Battles/wars World War I
Awards Distinguished Service Order
Military Cross & Bar
Distinguished Flying Cross
Croix de Guerre (France)

Andrew Edward McKeever DSO, MC & Bar, DFC (21 August 1894 – 25 December 1919) was a Canadian World War I two-seater flying ace who, in conjunction with his gunners, was credited with 31 victories. He was the highest scoring pilot on Bristol F.2 Fighter.

Early life

McKeever was born in Listowel, Ontario, Canada, to Bella Henderson and William McKeever, a grocer and butcher. After attending Toronto's Central Technical School, McKeever worked as a teller until 1916.

Military service

McKeever joined the Queen's Own Rifles of Canada, a militia unit, as a private. He remained with them until November, 1916, when he was accepted into the Royal Flying Corps. He sailed for England for training on 25 November 1916. He was commissioned a probationary lieutenant on 5 December.

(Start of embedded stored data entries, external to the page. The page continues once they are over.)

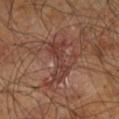Q: Is there a histopathology result?
A: total-body-photography surveillance lesion; no biopsy
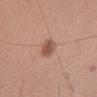Q: Was this lesion biopsied?
A: imaged on a skin check; not biopsied
Q: Lesion size?
A: ≈3.5 mm
Q: Lesion location?
A: the mid back
Q: Automated lesion metrics?
A: an area of roughly 4.5 mm², an eccentricity of roughly 0.9, and a symmetry-axis asymmetry near 0.2; a within-lesion color-variation index near 3.5/10 and a peripheral color-asymmetry measure near 1; a nevus-likeness score of about 95/100 and a lesion-detection confidence of about 100/100
Q: What kind of image is this?
A: total-body-photography crop, ~15 mm field of view
Q: What are the patient's age and sex?
A: male, aged approximately 60

Following training, he was assigned on 28 May 1917 to No. 11 Squadron, which was flying obsolete F.E.2s. They re-equipped shortly thereafter with Bristol F.2A fighters, sometimes referred to as the Brisfit. Among McKeever's tasks were photographic reconnaissance, with his observer wielding a hand-held camera and taking the photos. Although the Brisfit could do this job well, it was as fast as the Fokkers that opposed it, as well as maneuverable enough to be flown like a single-seater.

McKeever began his career as an ace by destroying a D.V on 26 June 1917 and sending down another out of control. On 7 July, he and Powell knocked down three more, with one destroyed and two falling uncontrollably out of the battle. McKeever would repeat this feat of triple victories on three more occasions, on 5 August, 23 September, and 31 October 1917.

On 3 October, when his score reached 20, Lieutenant McKeever was awarded a Bar to the Military Cross he had gained a month prior.

On 30 November 1917, while flying Brisfit A7288, he ended his career by attacking two German two-seaters protected by a flight of seven Albatros D.Vs. The D.Vs paid dearly for their protective role, as McKeever and Powell destroyed four of them, one of which burned. When Powell's gun failed, McKeever feigned being shot down and dived out the battle. He leveled off at only 25 feet altitude and, hidden from enemy planes by a shield of fog, hightailed for home. The remaining Germans broke off contact. This epic battle earned the Distinguished Service Order for Captain McKeever.

McKeever would score all 31 of his victories while flying the two-seater fighter, becoming one of the RFC/RAF's leading two-seater fighter pilot ace. All but two of those triumphs were over German Albatros D.V fighters. Seven different gunners/observers shared his victories. One of these, Lieutenant Leslie Powell, became an ace in his own right, with 19 successes, 18 of which were in tandem with McKeever.

Mckeever and his gunners's 31-claim tally consisted of 18 destroyed and 13 'out of control'.

Major A.E. McKeever, Commanding Officer, No. 1 Squadron, C.A.F. with captured Fokker D. VII aircraft of the German Air Force, Upper Heyford, Oxon., 1919
Major A.E. McKeever, Commanding Officer, No. 1 Squadron, C.A.F. with captured Fokker D. VII aircraft of the German Air Force, Upper Heyford, Oxon., 1919

On 25 January 1918, both pilot and observer were withdrawn from combat and shipped home. Major McKeever joined fellow aces William Bishop and Raymond Collishaw in establishing the Canadian Air Force. McKeever organized No 1 Squadron of the new air force, and served as its commanding officer. The war ended before the new squadron could take its Sopwith Dolphins to battle. Canada's government then dissolved the fledgling air force.

With war's end, McKeever accepted a job managing an airfield at Mineola, New York. Before he could start work, he was involved in an auto accident in his home town of Listowel. He broke his leg, complications set in, and he died of cerebral thrombosis on Christmas Day, 1919.